Fig. 1 Concentrations of (a) total and individual SCFA (b–d, acetate, propionate and butyrate, respectively) in caecal, and proximal, mid and distal colonic digesta of pigs fed diets containing low- (Control) or various high-amylose resistant starches (–○–, Control; –■–, high-amylose maize starch (HAMS); –▲–, hydrothermally treated HAMS (HTHAMS); –△–, HAMS + HTHAMS). Values are means for six pigs; pooled sem values for total, acetate, propionate and butyrate concentrations were 9·1, 5·3, 4·9 and 1·2 mmol/l, respectively. Effect of diet and sampling site were significant for total and each individual SCFA (all P < 0·001). Mean values with different letters within a compartment are significantly different from control (abP < 0·05, acP < 0·01, adP < 0·001).

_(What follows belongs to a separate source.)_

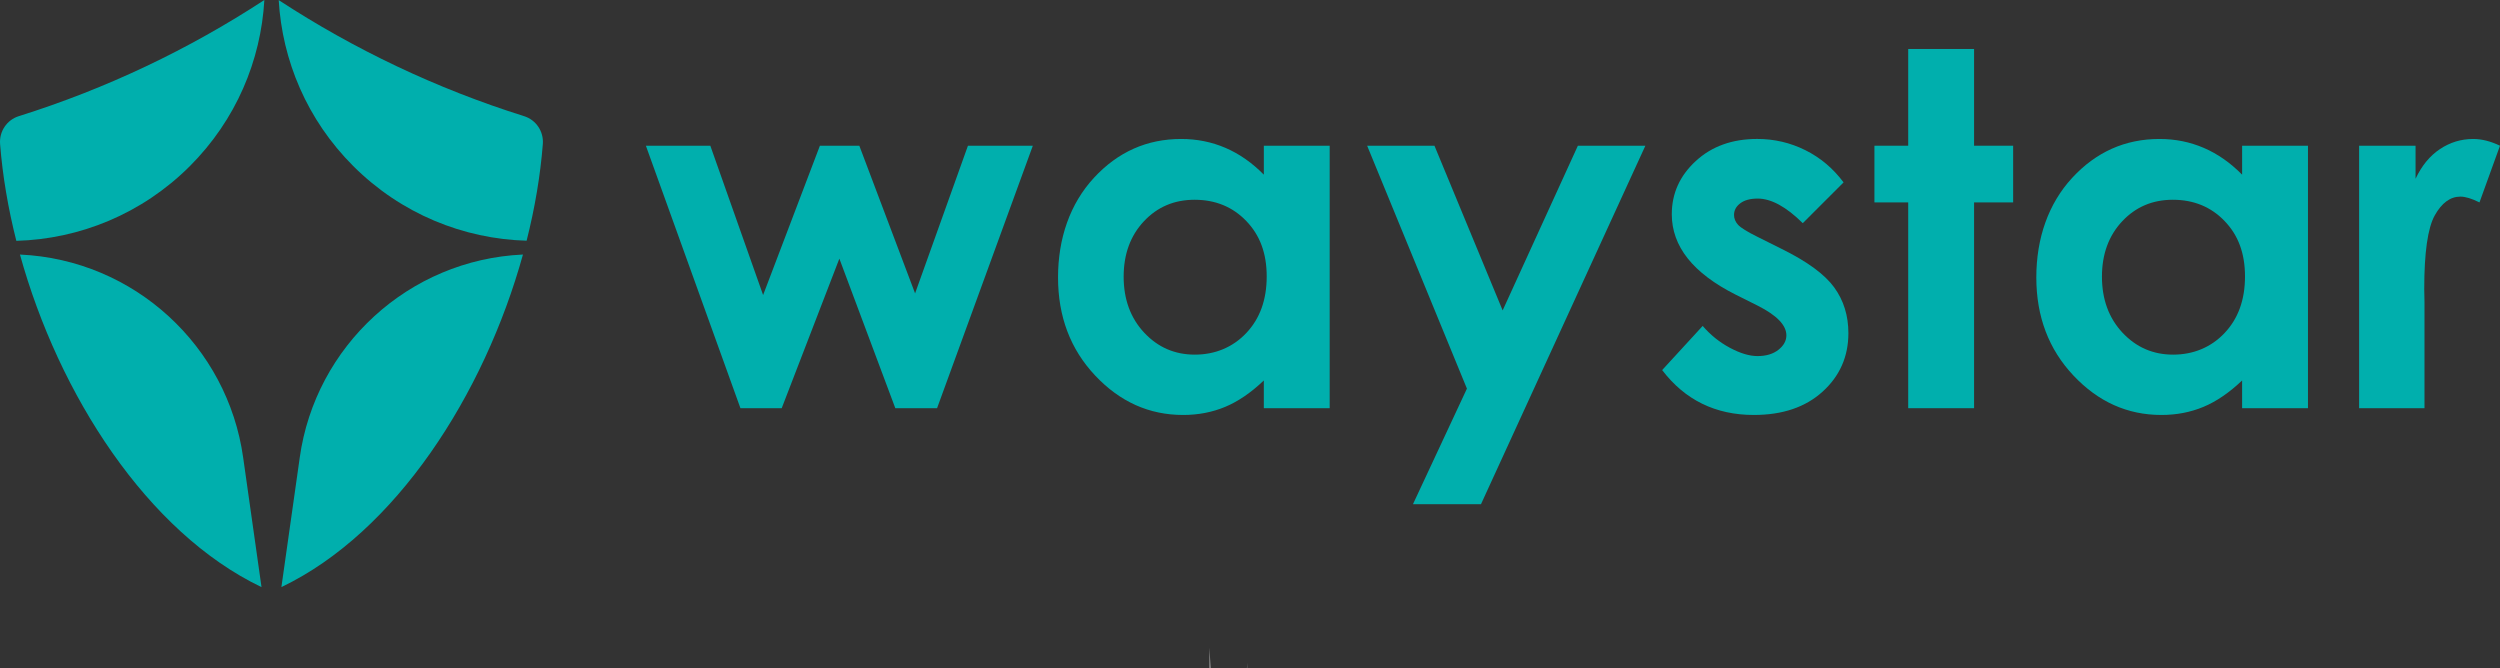 <svg xmlns="http://www.w3.org/2000/svg" id="_&#x56FE;&#x5C42;_2" data-name="&#x56FE;&#x5C42; 2" viewBox="0 0 1517.97 405.65"><rect x="0" y="0" width="1517.97" height="405.65" fill="#333333" stroke="none"/><defs><style>      .cls-1 {        fill: #00afad;      }      .cls-1, .cls-2 {        stroke-width: 0px;      }      .cls-2 {        fill: #fff;      }    </style></defs><g id="_&#x56FE;&#x5C42;_1-2" data-name="&#x56FE;&#x5C42; 1"><g><g><path class="cls-1" d="m392.16,88.48h39.14l32.05,90.67,34.48-90.67h23.94l33.86,89.65,32.09-89.65h39.4l-58.15,159.38h-25.34l-33.98-90.82-35.01,90.82h-25.05l-57.42-159.38Z"></path><path class="cls-1" d="m767.38,88.48h39.99v159.38h-39.99v-16.85c-7.8,7.42-15.63,12.77-23.48,16.04-7.85,3.27-16.36,4.91-25.53,4.91-20.58,0-38.38-7.98-53.41-23.95s-22.53-35.82-22.53-59.55,7.27-44.77,21.8-60.5c14.53-15.72,32.19-23.58,52.97-23.58,9.56,0,18.53,1.81,26.92,5.42,8.39,3.61,16.14,9.03,23.27,16.26v-17.58Zm-42.04,32.81c-12.36,0-22.63,4.37-30.81,13.11-8.18,8.74-12.26,19.95-12.26,33.62s4.16,25.1,12.48,33.98c8.32,8.89,18.56,13.33,30.73,13.33s22.97-4.37,31.24-13.11c8.27-8.74,12.41-20.19,12.41-34.35s-4.14-25.1-12.41-33.69c-8.27-8.59-18.73-12.89-31.39-12.89Z"></path><path class="cls-1" d="m830.12,88.48h40.87l41.4,100,45.68-100h40.98l-99.82,217.68h-41.3l32.77-70.19-60.58-147.48Z"></path><path class="cls-1" d="m1119.39,110.75l-24.76,24.76c-10.06-9.96-19.19-14.94-27.39-14.94-4.49,0-8.01.95-10.55,2.86-2.54,1.9-3.81,4.27-3.81,7.1,0,2.15.81,4.13,2.42,5.93,1.61,1.81,5.59,4.27,11.94,7.4l14.65,7.32c15.43,7.62,26.02,15.38,31.79,23.29,5.76,7.91,8.64,17.19,8.64,27.83,0,14.16-5.2,25.98-15.6,35.45-10.4,9.47-24.34,14.21-41.82,14.21-23.24,0-41.8-9.08-55.66-27.25l24.61-26.81c4.69,5.47,10.18,9.89,16.48,13.26s11.89,5.05,16.77,5.05c5.27,0,9.52-1.27,12.74-3.81,3.22-2.54,4.83-5.47,4.83-8.79,0-6.15-5.81-12.16-17.43-18.02l-13.48-6.74c-25.78-12.99-38.67-29.25-38.67-48.78,0-12.6,4.86-23.36,14.58-32.3,9.72-8.94,22.14-13.4,37.28-13.4,10.35,0,20.09,2.27,29.22,6.81,9.13,4.54,16.87,11.06,23.22,19.56Z"></path><path class="cls-1" d="m1158.64,29.74h39.99v58.74h23.73v34.42h-23.73v124.95h-39.99v-124.95h-20.51v-34.42h20.51V29.74Z"></path><path class="cls-1" d="m1361.38,88.48h39.99v159.38h-39.99v-16.85c-7.8,7.42-15.63,12.77-23.48,16.04-7.85,3.27-16.36,4.91-25.53,4.91-20.58,0-38.38-7.98-53.41-23.95s-22.53-35.82-22.53-59.55,7.27-44.77,21.8-60.5c14.53-15.72,32.19-23.58,52.97-23.58,9.56,0,18.53,1.81,26.92,5.42,8.39,3.61,16.14,9.03,23.27,16.26v-17.58Zm-42.04,32.81c-12.36,0-22.63,4.37-30.8,13.11-8.18,8.74-12.26,19.95-12.26,33.62s4.16,25.1,12.48,33.98c8.32,8.89,18.57,13.33,30.73,13.33s22.97-4.37,31.24-13.11c8.27-8.74,12.41-20.19,12.41-34.35s-4.14-25.1-12.41-33.69c-8.27-8.59-18.73-12.89-31.39-12.89Z"></path><path class="cls-1" d="m1432.42,88.48h34.28v20.07c3.71-7.91,8.64-13.92,14.79-18.02s12.89-6.15,20.21-6.15c5.17,0,10.59,1.37,16.26,4.1l-12.45,34.42c-4.69-2.34-8.55-3.52-11.57-3.52-6.15,0-11.35,3.81-15.6,11.43s-6.37,22.56-6.37,44.82l.15,7.76v64.45h-39.7V88.48Z"></path></g><path class="cls-2" d="m734.91,405.65h-.4v-12.4c.17,4.13.29,8.27.4,12.4Z"></path><path class="cls-2" d="m757.23,402.49v3.16h-.09c.03-1.05.06-2.11.09-3.16Z"></path><path class="cls-1" d="m160.51,0C114.74,29.92,64.67,53.82,11.42,70.53,4.15,72.81-.54,79.83.05,87.42c1.49,19.17,4.85,38.98,9.87,58.82,38.26-1.08,76.19-16.2,105.39-45.4,28.04-28.04,43.1-64.14,45.21-100.84Z"></path><path class="cls-1" d="m12.12,154.56c23.51,84.99,77.28,168.73,146.67,201.93l-11.14-78.64c-9.46-67.63-66.07-120.15-135.53-123.29Z"></path><path class="cls-1" d="m318.22,70.53C265.01,53.83,214.98,29.96,169.23.07c2.14,36.65,17.19,72.69,45.19,100.69,29.18,29.18,67.09,44.31,105.33,45.4,5.01-19.81,8.36-39.59,9.85-58.73.59-7.6-4.1-14.62-11.38-16.9Z"></path><path class="cls-1" d="m182,277.84l-11.14,78.64c69.39-33.19,123.16-116.94,146.67-201.93-69.46,3.14-126.07,55.65-135.53,123.29Z"></path></g></g></svg>

Large bowel pools of total and individual SCFA were substantially larger in pigs fed diets high in RS (Fig. 2) because of a greater large bowel digesta mass (see Table 5) and higher SCFA concentration (see Fig. 1). Each of the RS diets increased the size of the butyrate pool throughout the entire large bowel, including the distal colon (Fig. 2(d)). The SCFA profile for faeces was similar to that for large bowel digesta although, unlike digesta, faecal butyrate concentration and molar ratio were not affected by diet (P>0·05; data not shown). Daily faecal excretion of total and major individual SCFA was substantially greater in pigs fed RS diets compared to controls, largely due to a greater faecal mass in the former treatment groups (data not shown). Of the various high-RS dietary treatments, the combination of HAMS and HTHAMS was the most effective at raising faecal SCFA excretion (data not shown).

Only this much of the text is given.